Drop early observations

In [54]:
complete_merged_df = complete_merged_df[complete_merged_df['game_date'] > '2015-07-01']

Drop atypical events

In [55]:
complete_merged_df = complete_merged_df.query('eventsModel != "Cut"')

Drop observations from inactive parks

In [56]:
active_parks = list(team_map['VENUE_ID'].astype(int))
complete_merged_df = complete_merged_df[complete_merged_df['venue_id'].astype(int).isin(active_parks)]

### Shift

Many batter and pitcher stats are calculated at the end of the plate appearance. For prediction purposes, we need these stats coming into the plate appearance.

##### Batter Inputs

Sort

In [57]:
complete_merged_df.sort_values(['date', 'gamePk', 'atBatIndex'], ascending=True, inplace=True)

Shift

In [58]:
complete_merged_df[batter_inputs + ['ab_b', 'pa_b', 'imp_b']] = complete_merged_df.groupby(['batter', 'pitchHand'])[batter_inputs + ['ab_b', 'pa_b', 'imp_b']].shift(1)

##### Pitcher Inputs

Sort

In [59]:
complete_merged_df.sort_values(['date', 'gamePk', 'atBatIndex'], ascending=True, inplace=True)

Shift

In [60]:
complete_merged_df[pitcher_inputs + ['ab_p', 'pa_p', 'imp_p']] = complete_merged_df.groupby(['pitcher', 'batSide'])[pitcher_inputs + ['ab_p', 'pa_p', 'imp_p']].shift(1)

##### Inning Sums

Sort

In [61]:
complete_merged_df.sort_values(['date', 'gamePk', 'atBatIndex'], ascending=True, inplace=True)

Shift

In [62]:
cumulative_inning_input_list = [col for col in complete_merged_df.columns if col.endswith("_inning")]
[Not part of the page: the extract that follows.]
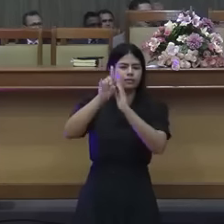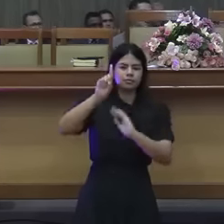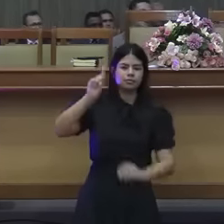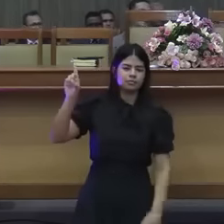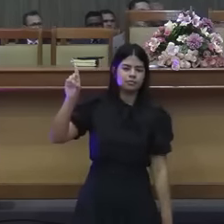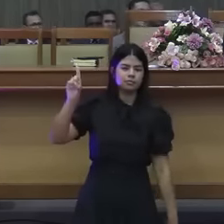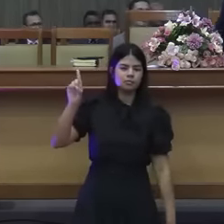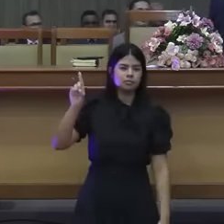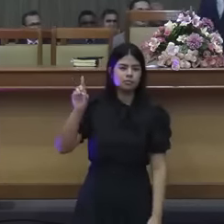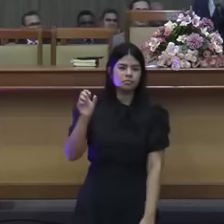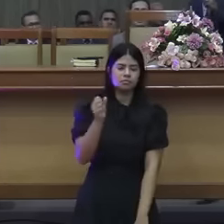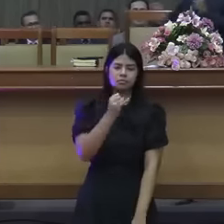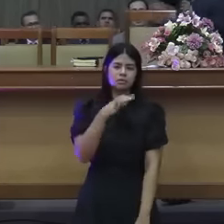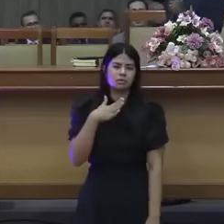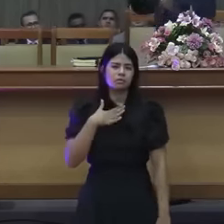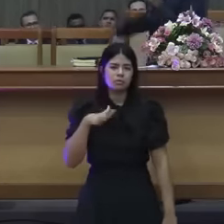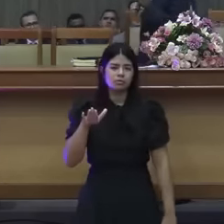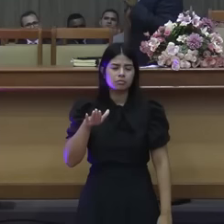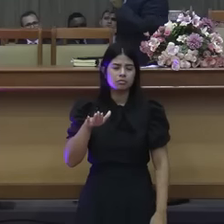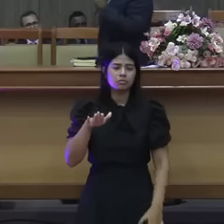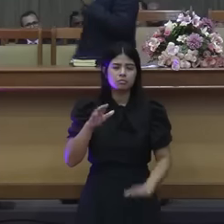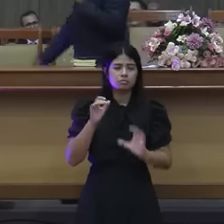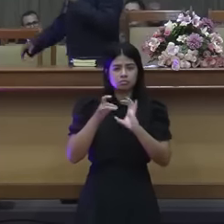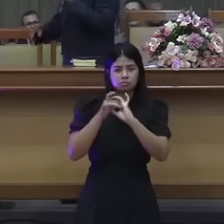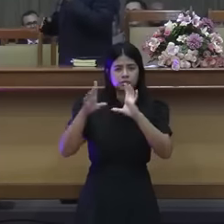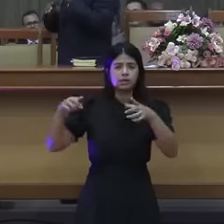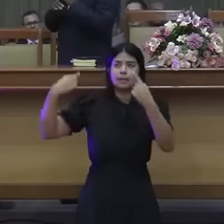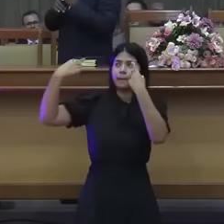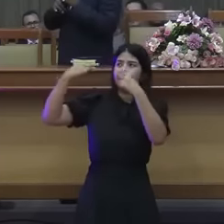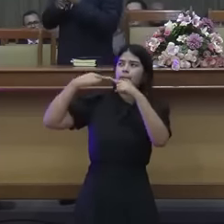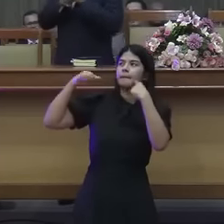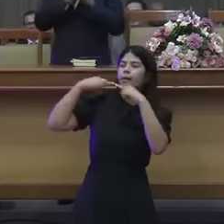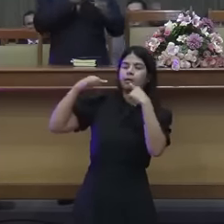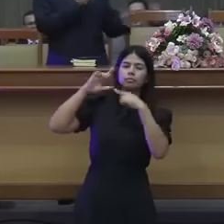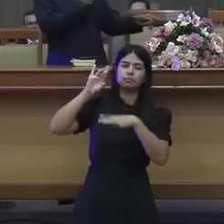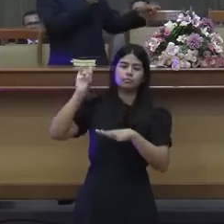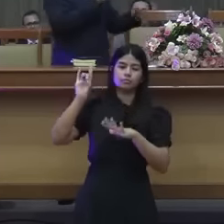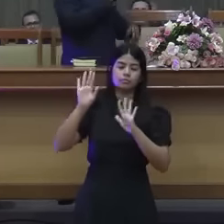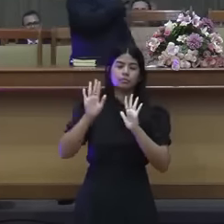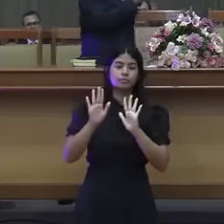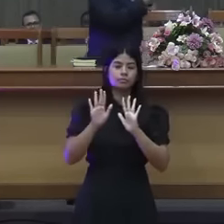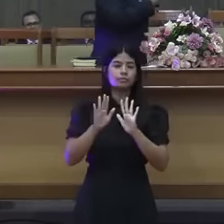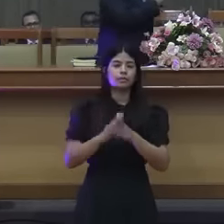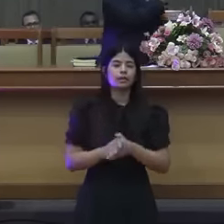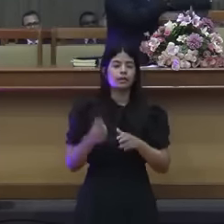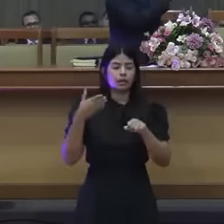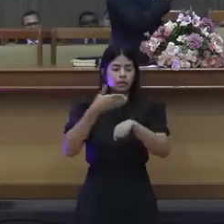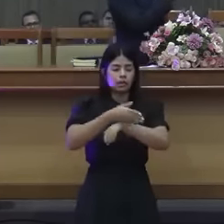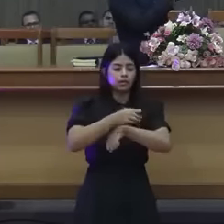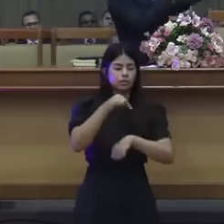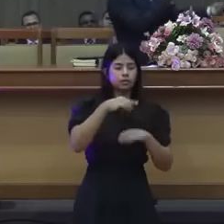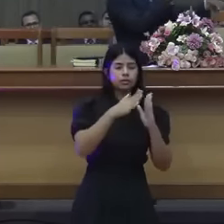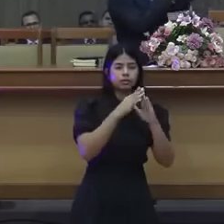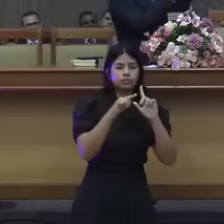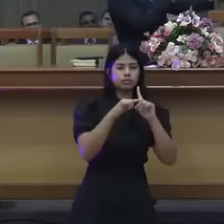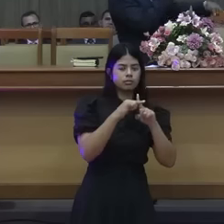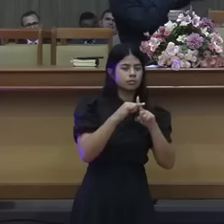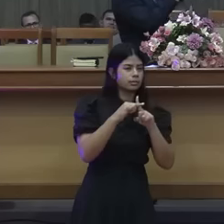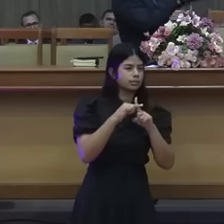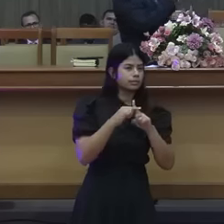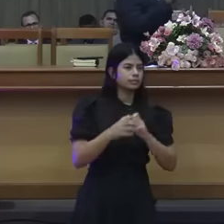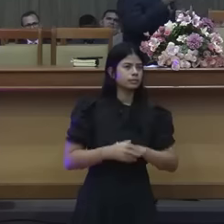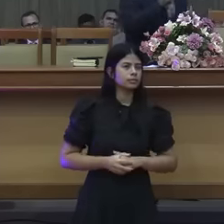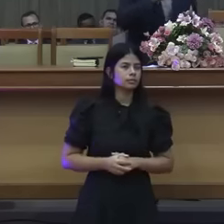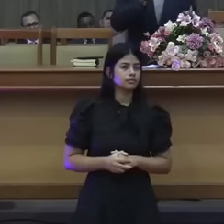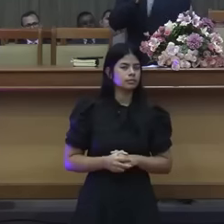e quem não concordar vai lá reclamar com ele aqui entrou aqui pode dizer pro que? pro

complete_merged_df[cumulative_inning_input_list] = complete_merged_df.groupby(['gamePk', 'inning', 'pitcher'])[cumulative_inning_input_list].shift(1)
complete_merged_df[cumulative_inning_input_list] = complete_merged_df[cumulative_inning_input_list].fillna(0)

##### Game Sums

Sort

In [63]:
complete_merged_df.sort_values(['date', 'gamePk', 'atBatIndex'], ascending=True, inplace=True)

Shift

In [64]:
cumulative_game_input_list = [col for col in complete_merged_df.columns if col.endswith("_game")]
cumulative_game_input_list.remove('rbi_game')

complete_merged_df[cumulative_game_input_list + ['times_faced']] = complete_merged_df.groupby(['gamePk', 'pitcher'])[cumulative_game_input_list + ['times_faced']].shift(1)
complete_merged_df[cumulative_game_input_list + ['times_faced']] = complete_merged_df[cumulative_game_input_list + ['times_faced']].fillna(0)

### Train/Test Split

Split

In [68]:
np.random.seed(1)
complete_merged_df['split'] = np.random.choice([0, 0, 1], size=len(complete_merged_df))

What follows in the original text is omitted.